Na Bahia, em 13 de junho, aconteceu o assassinato da liderança quilombola, Júnior Mota, da comunidade da Jiboia, município de Antonio Gonçalves, vinculado ao Movimento de Pequenos Agricultores (MPA) (4). Em 17 de julho, foi morto Lindomar, quilombola de Iúna, no município de Lençóis. Agora em agosto, dia 06, foram assassinados mais seis quilombolas na comunidade Iúna. Ainda não se pode concluir que esses últimos assassinatos estejam diretamente ligados a conflitos fundiários, mas, sem dúvida, o atual contexto implica numa maior vulnerabilidade dessas populações e exige que uma investigação cuidadosa seja levada a cabo.
No Maranhão, Raimundo Silva, o Umbico, foi morto no dia 12 de abril, no quilombo do Charco, em São Vicente Ferrer.
Por fim, o assassinato de Maria Trindade da Silva Costa (5), em 24 de junho, liderança quilombola da comunidade de Santana do baixo Jambuaçu, no município de Moju, no Pará. Todos esses acontecimentos reiteram a fragilidade maior a que estão sujeitas tais comunidades tradicionais em todo o país nos últimos tempos de crise das representações e instituições democráticas e republicanas do nosso país.

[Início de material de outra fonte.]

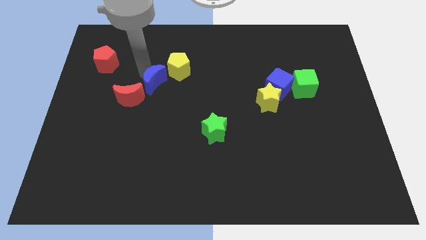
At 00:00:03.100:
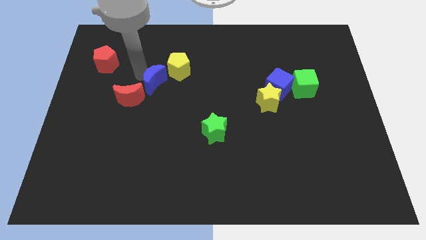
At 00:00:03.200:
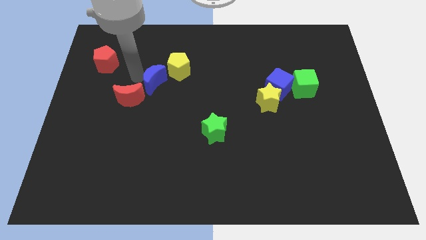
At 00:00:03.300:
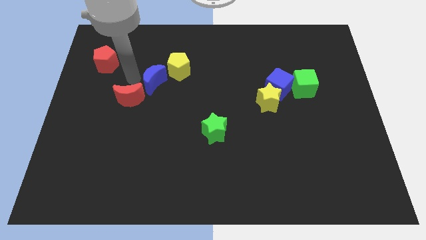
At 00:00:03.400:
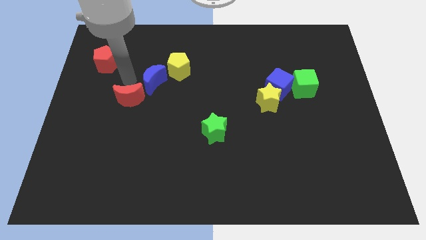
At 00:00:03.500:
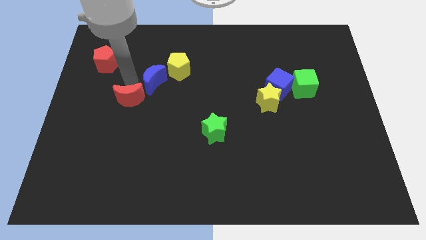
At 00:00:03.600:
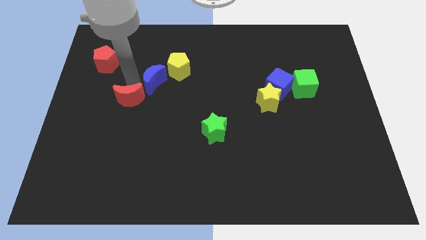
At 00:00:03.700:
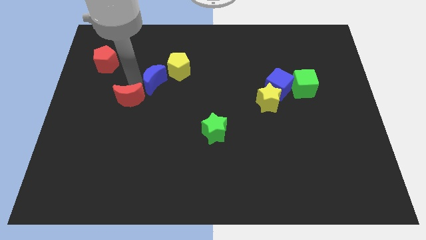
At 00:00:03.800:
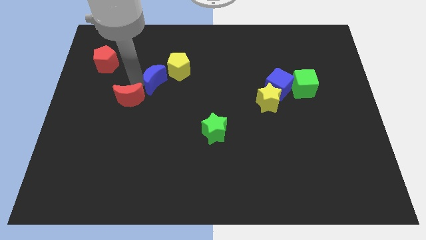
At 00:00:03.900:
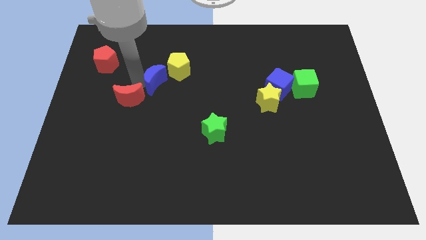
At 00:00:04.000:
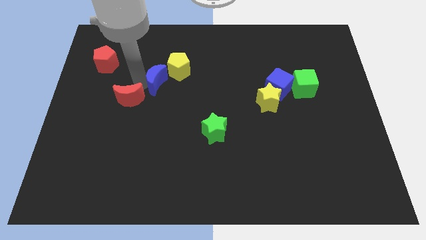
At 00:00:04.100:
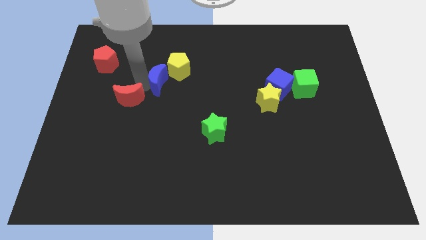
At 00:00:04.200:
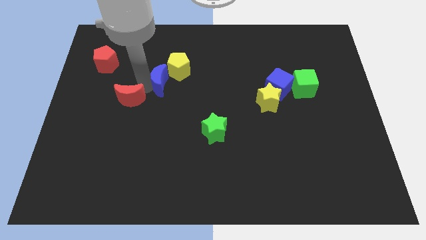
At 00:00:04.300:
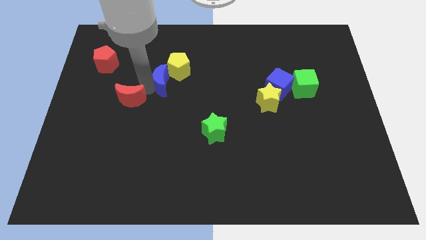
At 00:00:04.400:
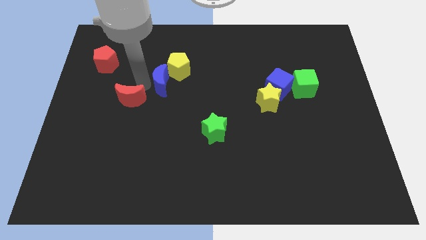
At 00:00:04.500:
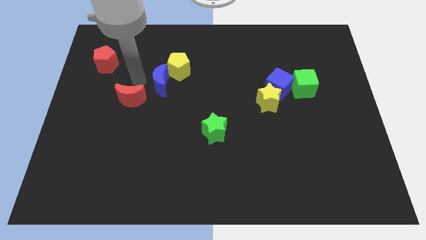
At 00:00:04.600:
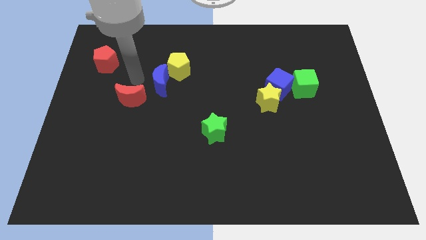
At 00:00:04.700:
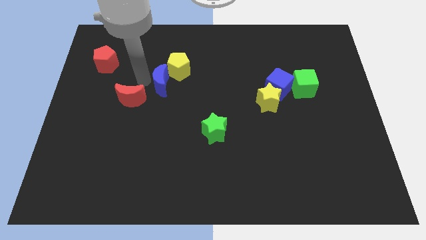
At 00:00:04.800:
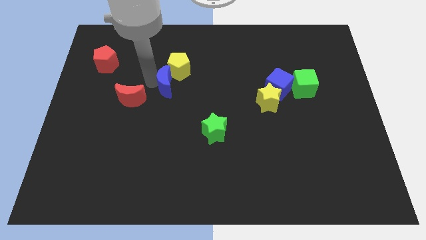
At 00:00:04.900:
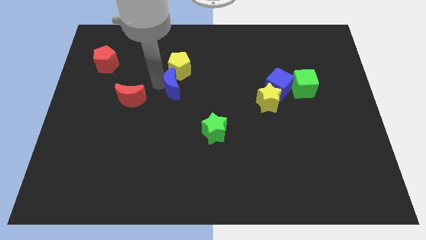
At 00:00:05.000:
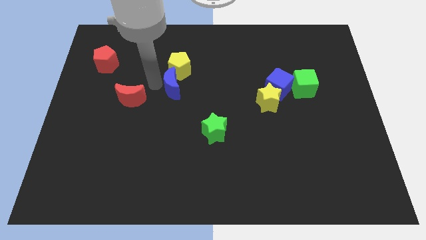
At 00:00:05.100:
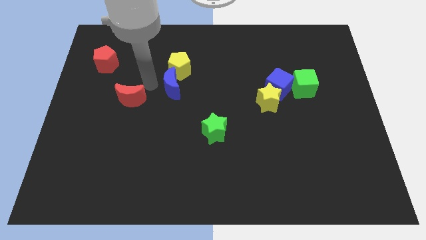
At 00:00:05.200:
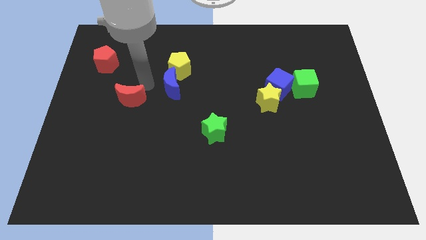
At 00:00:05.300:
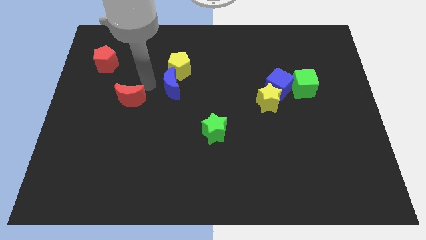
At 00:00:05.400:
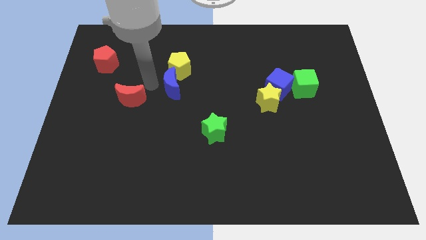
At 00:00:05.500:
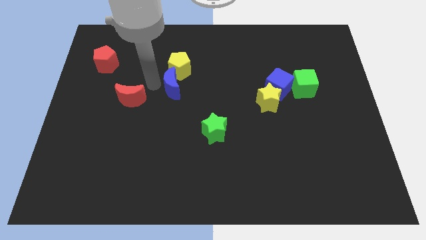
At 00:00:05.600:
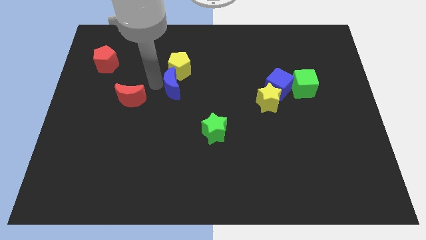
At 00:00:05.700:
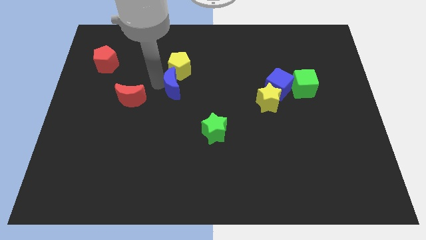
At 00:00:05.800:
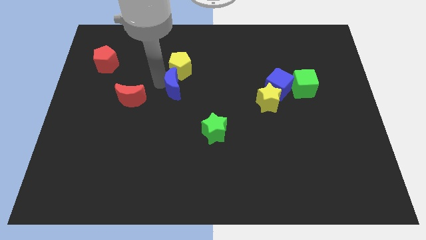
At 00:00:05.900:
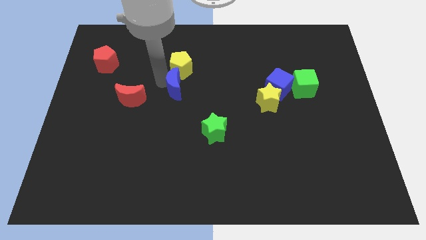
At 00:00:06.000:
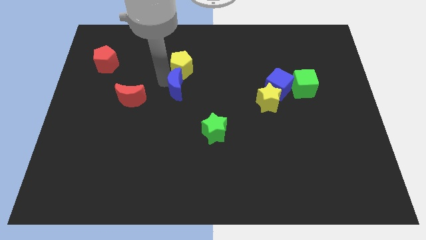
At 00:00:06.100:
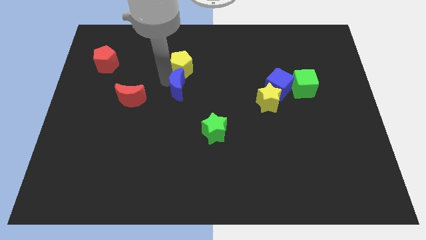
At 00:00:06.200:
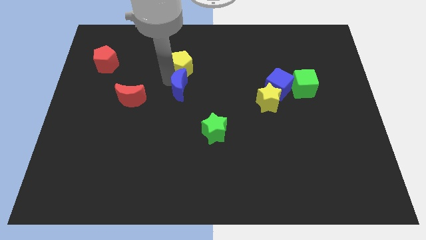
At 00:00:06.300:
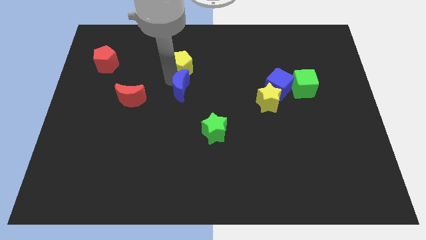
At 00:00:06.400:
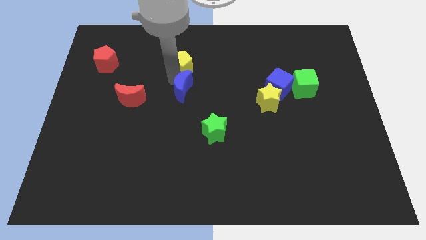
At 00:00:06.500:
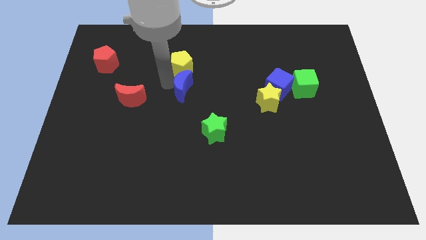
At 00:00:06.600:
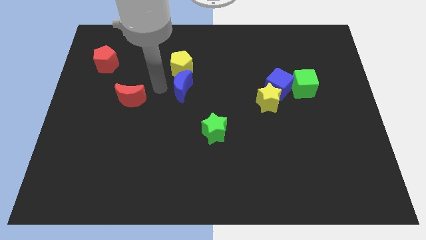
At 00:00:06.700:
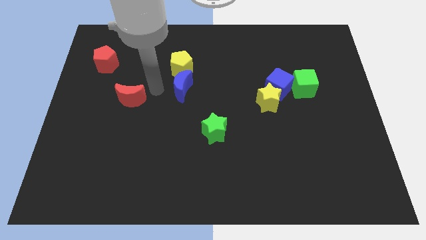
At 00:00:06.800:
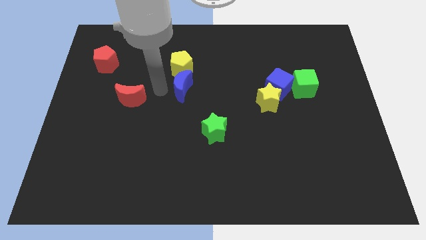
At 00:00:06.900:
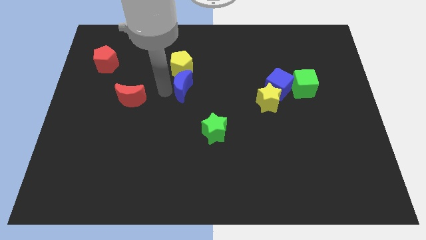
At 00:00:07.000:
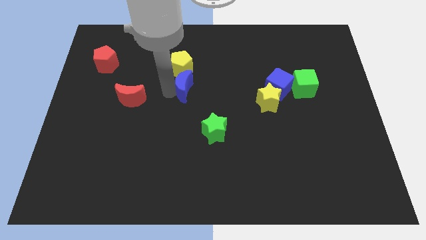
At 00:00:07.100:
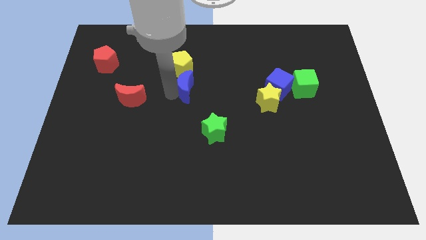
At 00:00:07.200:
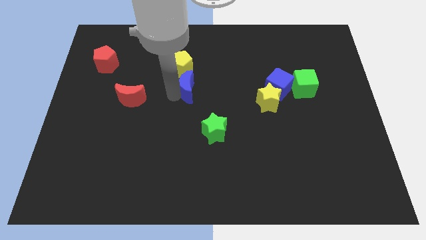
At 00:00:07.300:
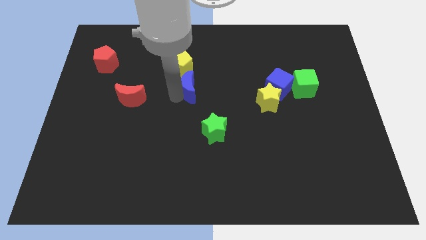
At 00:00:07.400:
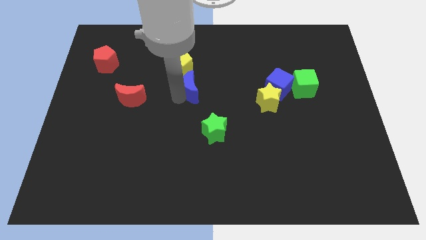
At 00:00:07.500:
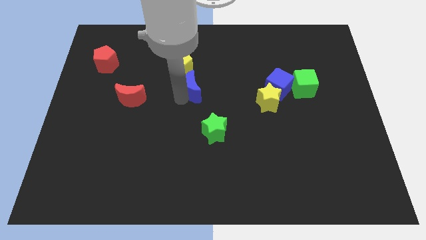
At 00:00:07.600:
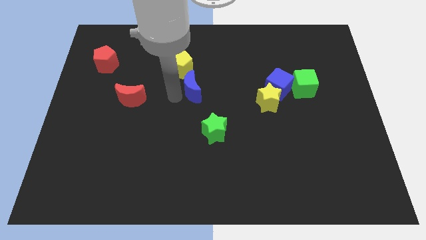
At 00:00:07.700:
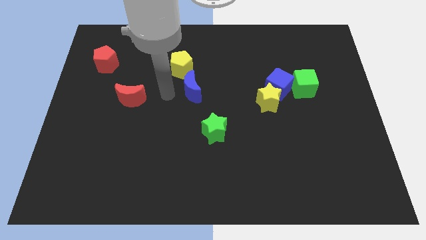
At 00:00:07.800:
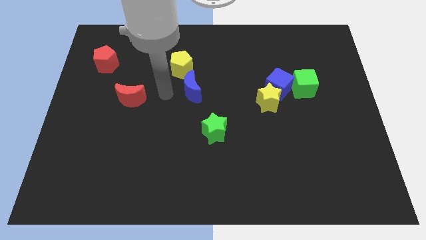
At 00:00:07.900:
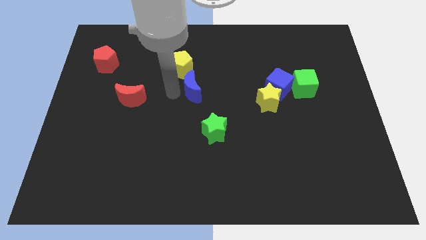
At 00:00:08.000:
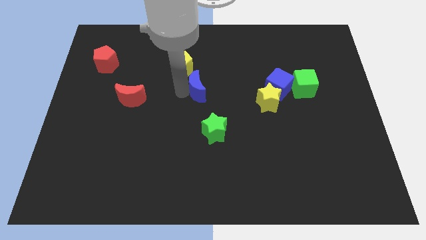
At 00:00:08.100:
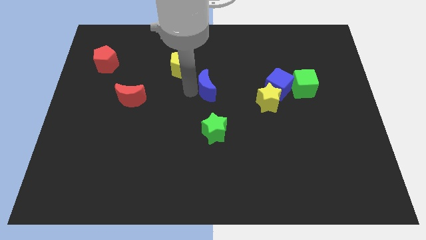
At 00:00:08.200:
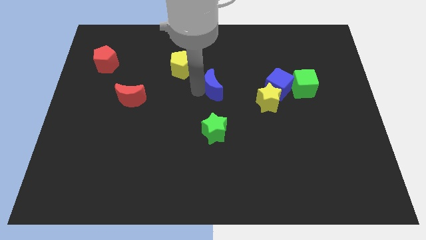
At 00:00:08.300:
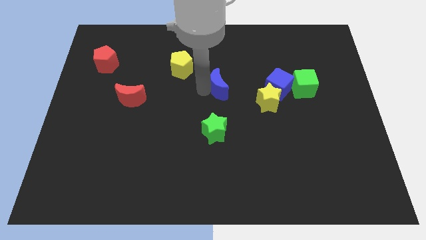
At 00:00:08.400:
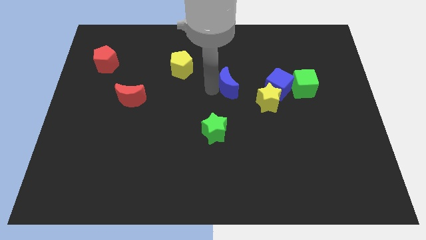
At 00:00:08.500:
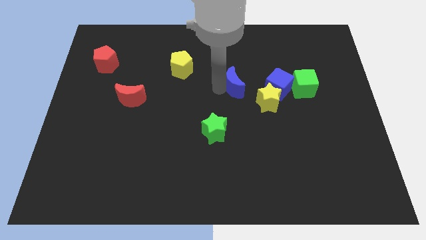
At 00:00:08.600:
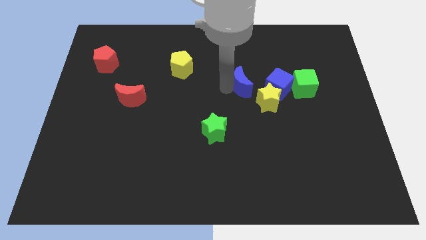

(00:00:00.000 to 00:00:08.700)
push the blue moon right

Gostaríamos de deixar claro para a sociedade a responsabilidade, o empenho e o compromisso que temos no nosso cotidiano de trabalho, pouco reconhecido e precário. Por tudo isso, nos manifestamos publicamente, para alertar para as ameaças a que estão sujeitas as comunidades quilombolas e o nosso trabalho como executores da politica de regularização dos seus territórios, a qual temos muito orgulho de realizar, tentando compensar as injustiças cometidas durante séculos de formação da sociedade brasileira.
Nota:
1 https://peticoes.socioambiental.org/nenhum-quilombo-a-menos e https://www.socioambiental.org/pt-br/noticias-socioambientais/nossa-historia-nao-comeca-em- 1988-marco-temporal-nao
2 https://outraspalavras.net/brasil/quilombolas-a-longa-batalha-pelo-territorio/
3 http://justificando.cartacapital.com.br/2017/03/29/comissao-da-pastoral-da-terra-emite-nota-derepudio-agressao-contra-quilombolas-em-minas/
4 http://racismoambiental.net.br/2017/07/13/antonio-goncalves-militante-do-mpa-e-assassinado-atiros/
5 http://www.aba.abant.org.br/files/20170627_59526e3cb30f1.pdf
Servidores do Serviço Quilombola (F4) do INCRA: DFQ – Coordenação Geral de Regularização dos Territórios Quilombolas , SR01-PA , SR 03-PE , SR 04 - GO , SR 05 -BA, SR 06 - MG, SR 07-RJ , SR 08 -SP , SR 09 –PR, SR 10 -SC, SR11 - RS, SR13-MT, SR 15 - AM, SR16-MS, SR 17 –RO, SR 18 –PB, SR19-RN, SR-20 - ES, SR 23/SE, SR 26 -TO, SR 28 -DFE, SR29 - MSF, SR30- SANTARÉM, Apoio de servidor de outros setores do INCRA, SR 14 -AC.